Records drawn from a dataset
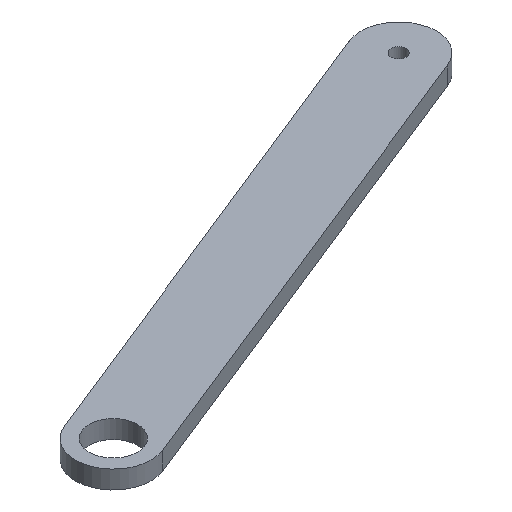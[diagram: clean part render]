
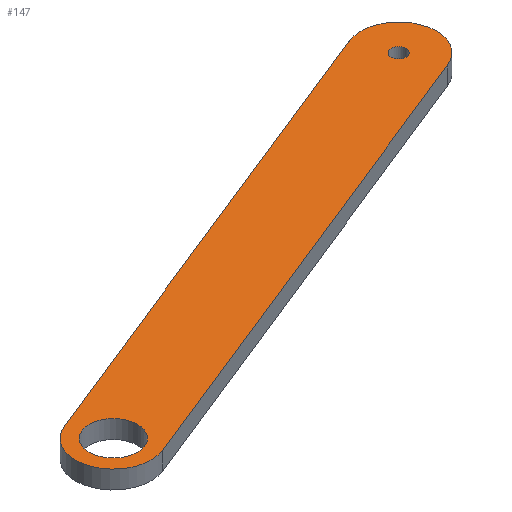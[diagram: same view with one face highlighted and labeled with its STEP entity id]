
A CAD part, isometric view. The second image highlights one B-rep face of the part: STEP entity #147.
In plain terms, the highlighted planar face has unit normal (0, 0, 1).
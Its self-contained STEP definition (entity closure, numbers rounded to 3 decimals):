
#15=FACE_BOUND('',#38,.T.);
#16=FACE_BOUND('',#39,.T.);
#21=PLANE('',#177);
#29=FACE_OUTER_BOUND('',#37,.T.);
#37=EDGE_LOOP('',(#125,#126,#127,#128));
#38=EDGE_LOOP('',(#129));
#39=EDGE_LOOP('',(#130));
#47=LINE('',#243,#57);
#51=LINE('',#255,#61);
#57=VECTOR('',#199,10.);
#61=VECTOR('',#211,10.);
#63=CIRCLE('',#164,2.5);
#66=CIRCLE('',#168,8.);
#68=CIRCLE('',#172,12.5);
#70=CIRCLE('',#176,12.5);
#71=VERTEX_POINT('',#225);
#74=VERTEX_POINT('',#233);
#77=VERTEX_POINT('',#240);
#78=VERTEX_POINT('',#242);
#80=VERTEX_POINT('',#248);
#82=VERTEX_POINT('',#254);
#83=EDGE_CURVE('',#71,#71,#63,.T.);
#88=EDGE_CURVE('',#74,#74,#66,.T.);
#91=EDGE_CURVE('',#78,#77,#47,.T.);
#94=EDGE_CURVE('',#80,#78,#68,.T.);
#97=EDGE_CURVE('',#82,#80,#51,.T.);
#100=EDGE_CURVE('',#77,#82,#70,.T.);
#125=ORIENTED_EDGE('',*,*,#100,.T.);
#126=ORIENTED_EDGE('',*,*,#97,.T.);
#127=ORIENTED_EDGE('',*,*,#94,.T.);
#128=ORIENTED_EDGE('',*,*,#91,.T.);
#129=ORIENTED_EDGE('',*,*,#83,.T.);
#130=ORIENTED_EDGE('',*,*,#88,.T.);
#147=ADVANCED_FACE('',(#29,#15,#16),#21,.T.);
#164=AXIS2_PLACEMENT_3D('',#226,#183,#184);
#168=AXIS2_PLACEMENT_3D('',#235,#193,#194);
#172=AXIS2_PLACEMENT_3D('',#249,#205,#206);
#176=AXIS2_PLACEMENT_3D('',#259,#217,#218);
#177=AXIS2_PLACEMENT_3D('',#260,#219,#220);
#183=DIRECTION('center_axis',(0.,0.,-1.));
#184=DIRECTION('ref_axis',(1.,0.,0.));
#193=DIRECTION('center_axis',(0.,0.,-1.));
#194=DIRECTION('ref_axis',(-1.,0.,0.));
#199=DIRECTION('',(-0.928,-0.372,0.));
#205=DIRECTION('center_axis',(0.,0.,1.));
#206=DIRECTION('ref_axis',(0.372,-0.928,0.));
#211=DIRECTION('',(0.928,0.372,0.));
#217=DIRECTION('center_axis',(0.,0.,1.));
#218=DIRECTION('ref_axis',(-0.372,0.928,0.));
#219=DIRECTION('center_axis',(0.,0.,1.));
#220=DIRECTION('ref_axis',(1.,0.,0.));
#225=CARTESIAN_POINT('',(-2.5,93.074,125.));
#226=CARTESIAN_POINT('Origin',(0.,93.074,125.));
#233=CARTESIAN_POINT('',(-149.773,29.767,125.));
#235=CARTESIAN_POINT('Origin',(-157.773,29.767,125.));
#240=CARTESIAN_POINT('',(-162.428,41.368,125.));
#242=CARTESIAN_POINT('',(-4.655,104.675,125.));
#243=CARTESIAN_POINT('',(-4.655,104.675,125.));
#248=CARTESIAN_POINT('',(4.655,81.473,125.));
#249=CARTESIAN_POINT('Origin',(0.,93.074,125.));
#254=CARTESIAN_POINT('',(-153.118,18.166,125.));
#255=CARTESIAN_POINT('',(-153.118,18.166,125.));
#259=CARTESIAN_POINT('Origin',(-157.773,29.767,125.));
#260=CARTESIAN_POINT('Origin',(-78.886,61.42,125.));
...
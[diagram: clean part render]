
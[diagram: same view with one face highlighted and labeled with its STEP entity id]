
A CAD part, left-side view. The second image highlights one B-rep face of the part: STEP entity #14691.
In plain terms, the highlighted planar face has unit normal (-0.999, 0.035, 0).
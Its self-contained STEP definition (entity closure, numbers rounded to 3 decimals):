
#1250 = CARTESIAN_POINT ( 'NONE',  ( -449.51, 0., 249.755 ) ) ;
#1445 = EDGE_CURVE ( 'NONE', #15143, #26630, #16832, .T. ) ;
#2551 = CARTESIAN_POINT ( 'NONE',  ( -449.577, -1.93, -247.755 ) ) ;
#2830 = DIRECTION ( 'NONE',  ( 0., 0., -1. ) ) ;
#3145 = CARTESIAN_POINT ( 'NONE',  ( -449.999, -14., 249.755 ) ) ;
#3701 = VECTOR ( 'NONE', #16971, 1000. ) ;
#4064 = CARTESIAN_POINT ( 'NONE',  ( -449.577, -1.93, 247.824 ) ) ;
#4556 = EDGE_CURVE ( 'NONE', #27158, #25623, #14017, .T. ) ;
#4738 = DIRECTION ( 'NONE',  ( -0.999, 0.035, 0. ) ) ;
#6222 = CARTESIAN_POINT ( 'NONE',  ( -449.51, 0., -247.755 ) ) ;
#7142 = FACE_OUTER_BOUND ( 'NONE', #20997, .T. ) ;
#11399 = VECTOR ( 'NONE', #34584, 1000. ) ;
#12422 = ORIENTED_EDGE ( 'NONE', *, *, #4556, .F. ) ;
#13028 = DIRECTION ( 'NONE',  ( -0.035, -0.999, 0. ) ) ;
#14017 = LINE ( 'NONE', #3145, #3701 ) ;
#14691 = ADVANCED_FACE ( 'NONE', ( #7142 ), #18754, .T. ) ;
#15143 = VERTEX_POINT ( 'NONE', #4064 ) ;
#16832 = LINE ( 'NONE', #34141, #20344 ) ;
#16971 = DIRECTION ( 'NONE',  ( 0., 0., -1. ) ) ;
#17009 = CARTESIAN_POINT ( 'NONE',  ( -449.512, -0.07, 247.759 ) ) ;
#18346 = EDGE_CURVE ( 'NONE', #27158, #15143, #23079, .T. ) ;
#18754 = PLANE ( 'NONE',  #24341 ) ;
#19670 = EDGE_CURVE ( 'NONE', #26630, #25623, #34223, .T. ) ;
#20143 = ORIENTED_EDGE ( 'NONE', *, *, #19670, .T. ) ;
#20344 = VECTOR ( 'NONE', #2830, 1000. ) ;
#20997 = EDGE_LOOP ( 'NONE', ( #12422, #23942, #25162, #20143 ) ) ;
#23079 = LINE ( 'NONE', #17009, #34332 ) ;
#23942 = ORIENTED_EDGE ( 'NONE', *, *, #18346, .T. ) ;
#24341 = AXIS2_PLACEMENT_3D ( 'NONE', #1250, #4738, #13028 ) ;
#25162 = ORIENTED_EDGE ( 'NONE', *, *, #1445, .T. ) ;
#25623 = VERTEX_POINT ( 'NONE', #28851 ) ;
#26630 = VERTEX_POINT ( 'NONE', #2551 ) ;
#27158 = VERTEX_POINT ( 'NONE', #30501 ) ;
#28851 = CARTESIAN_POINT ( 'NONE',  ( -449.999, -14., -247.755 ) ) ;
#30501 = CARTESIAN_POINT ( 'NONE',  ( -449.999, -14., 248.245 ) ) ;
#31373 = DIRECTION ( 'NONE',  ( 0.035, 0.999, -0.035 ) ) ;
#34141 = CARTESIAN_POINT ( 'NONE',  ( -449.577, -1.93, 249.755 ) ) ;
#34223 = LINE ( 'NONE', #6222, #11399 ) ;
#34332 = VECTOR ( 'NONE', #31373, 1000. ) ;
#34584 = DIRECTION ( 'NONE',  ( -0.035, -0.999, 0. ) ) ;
* * *
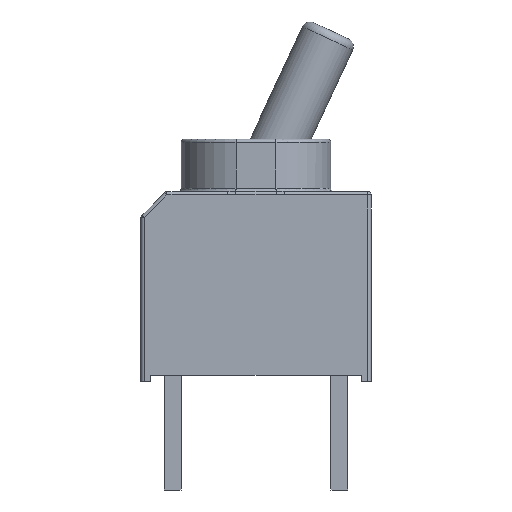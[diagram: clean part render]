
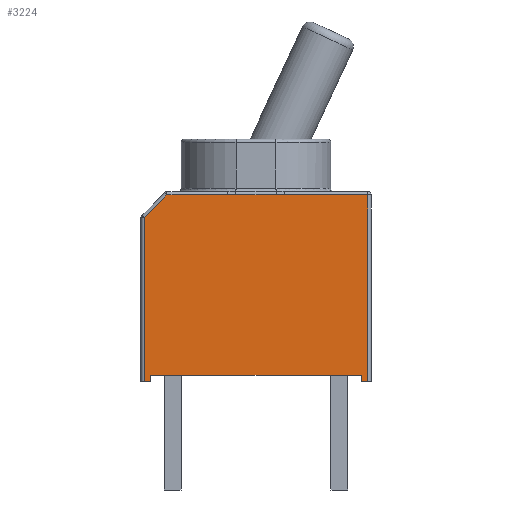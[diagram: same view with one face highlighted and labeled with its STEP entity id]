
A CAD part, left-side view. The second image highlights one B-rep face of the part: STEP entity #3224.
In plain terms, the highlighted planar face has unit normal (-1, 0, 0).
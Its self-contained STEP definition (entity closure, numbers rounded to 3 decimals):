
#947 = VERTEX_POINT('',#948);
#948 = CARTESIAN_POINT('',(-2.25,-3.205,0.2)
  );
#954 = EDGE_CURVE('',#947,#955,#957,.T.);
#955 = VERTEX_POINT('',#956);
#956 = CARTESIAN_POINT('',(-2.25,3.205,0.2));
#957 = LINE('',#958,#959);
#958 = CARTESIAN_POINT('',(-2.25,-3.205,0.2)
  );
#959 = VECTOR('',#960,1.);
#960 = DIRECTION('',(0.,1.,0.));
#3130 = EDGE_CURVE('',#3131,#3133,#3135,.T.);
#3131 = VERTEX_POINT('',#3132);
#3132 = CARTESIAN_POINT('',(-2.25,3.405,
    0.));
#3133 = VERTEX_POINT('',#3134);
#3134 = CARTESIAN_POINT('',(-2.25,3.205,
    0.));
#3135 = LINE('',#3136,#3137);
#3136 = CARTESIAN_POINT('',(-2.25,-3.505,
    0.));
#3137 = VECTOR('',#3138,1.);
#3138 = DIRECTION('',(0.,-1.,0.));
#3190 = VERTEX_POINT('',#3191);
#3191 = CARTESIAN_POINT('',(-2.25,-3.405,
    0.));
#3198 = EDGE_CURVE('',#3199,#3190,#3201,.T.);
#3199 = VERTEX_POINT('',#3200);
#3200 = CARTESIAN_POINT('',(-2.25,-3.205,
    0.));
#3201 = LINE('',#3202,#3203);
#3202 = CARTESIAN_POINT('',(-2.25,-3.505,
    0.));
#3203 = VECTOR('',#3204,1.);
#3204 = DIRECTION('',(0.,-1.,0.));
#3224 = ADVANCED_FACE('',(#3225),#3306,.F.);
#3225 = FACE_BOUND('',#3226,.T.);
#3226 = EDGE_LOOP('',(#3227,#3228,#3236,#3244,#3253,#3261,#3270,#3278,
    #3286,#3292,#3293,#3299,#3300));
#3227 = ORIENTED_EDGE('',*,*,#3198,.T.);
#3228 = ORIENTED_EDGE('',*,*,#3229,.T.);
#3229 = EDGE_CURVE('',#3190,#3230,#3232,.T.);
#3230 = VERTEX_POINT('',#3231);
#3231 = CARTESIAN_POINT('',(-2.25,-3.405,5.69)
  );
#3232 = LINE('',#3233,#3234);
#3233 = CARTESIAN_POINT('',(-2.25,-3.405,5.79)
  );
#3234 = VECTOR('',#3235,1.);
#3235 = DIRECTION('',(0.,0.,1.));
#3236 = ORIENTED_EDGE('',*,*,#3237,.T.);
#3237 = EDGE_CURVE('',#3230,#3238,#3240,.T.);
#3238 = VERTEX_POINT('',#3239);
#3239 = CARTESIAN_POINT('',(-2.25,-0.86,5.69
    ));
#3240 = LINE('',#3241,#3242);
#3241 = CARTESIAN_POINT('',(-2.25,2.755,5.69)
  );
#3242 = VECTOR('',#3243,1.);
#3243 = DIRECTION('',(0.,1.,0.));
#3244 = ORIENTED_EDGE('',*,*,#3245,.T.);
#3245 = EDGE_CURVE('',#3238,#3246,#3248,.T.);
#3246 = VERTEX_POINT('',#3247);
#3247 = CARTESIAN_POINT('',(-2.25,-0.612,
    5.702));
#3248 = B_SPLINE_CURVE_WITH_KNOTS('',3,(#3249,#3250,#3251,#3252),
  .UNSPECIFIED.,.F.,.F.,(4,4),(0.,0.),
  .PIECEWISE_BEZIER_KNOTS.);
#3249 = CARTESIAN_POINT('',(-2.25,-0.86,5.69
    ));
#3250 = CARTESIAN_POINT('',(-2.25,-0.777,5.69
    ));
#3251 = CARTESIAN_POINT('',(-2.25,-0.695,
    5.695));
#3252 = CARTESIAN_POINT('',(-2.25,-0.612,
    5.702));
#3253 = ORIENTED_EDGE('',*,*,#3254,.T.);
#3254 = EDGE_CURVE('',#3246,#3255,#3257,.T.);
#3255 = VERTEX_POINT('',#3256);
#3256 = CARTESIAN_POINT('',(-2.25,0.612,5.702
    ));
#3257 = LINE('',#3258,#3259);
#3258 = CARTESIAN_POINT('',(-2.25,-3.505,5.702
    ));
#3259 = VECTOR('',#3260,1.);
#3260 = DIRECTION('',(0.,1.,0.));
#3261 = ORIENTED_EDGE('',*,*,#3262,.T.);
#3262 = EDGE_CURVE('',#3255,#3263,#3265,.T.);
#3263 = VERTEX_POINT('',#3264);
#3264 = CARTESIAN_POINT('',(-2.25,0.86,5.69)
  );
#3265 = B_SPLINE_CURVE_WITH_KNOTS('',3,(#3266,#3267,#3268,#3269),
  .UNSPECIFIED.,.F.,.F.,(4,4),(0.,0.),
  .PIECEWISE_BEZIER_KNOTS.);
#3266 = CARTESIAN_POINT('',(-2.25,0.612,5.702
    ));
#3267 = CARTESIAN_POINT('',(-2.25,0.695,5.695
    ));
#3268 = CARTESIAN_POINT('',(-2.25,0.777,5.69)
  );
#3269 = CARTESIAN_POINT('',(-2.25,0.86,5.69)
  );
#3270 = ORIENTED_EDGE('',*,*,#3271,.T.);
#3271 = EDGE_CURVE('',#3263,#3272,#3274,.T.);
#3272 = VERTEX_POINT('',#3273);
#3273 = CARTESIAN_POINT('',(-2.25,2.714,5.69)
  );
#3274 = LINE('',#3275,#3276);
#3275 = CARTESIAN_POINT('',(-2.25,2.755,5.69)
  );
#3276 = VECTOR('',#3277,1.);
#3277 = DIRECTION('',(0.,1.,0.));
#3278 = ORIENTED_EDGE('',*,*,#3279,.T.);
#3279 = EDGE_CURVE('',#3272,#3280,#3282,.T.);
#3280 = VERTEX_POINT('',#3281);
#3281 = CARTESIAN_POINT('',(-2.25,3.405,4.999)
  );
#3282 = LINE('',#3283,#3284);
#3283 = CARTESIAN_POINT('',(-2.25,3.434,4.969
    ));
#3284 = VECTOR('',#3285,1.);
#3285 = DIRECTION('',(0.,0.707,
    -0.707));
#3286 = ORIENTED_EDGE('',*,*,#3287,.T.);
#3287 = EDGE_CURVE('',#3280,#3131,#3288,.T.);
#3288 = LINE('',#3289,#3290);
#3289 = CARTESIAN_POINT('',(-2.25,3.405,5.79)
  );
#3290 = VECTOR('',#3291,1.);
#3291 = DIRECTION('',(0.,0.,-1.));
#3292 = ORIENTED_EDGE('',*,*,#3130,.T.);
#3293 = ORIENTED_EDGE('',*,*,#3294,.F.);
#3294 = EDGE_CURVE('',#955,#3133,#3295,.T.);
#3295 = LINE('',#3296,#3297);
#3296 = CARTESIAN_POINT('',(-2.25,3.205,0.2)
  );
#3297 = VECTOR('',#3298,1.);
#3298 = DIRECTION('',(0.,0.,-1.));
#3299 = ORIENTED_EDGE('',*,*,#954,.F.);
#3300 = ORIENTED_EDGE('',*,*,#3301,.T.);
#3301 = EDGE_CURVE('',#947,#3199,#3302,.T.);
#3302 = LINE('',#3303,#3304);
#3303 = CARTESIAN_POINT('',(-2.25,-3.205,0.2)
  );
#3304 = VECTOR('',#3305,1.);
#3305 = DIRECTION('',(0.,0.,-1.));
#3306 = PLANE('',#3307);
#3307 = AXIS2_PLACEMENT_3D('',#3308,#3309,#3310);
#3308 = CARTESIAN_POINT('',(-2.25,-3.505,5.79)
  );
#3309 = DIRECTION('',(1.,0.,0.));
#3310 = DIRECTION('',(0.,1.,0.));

■ WORK ORDER ■
Where does the string "highlights" appear in the records above? Return every line that holds it.

■ ANSWER ■
A CAD part, isometric view. The second image highlights one B-rep face of the part: STEP entity #147.
A CAD part, left-side view. The second image highlights one B-rep face of the part: STEP entity #14691.
A CAD part, left-side view. The second image highlights one B-rep face of the part: STEP entity #3224.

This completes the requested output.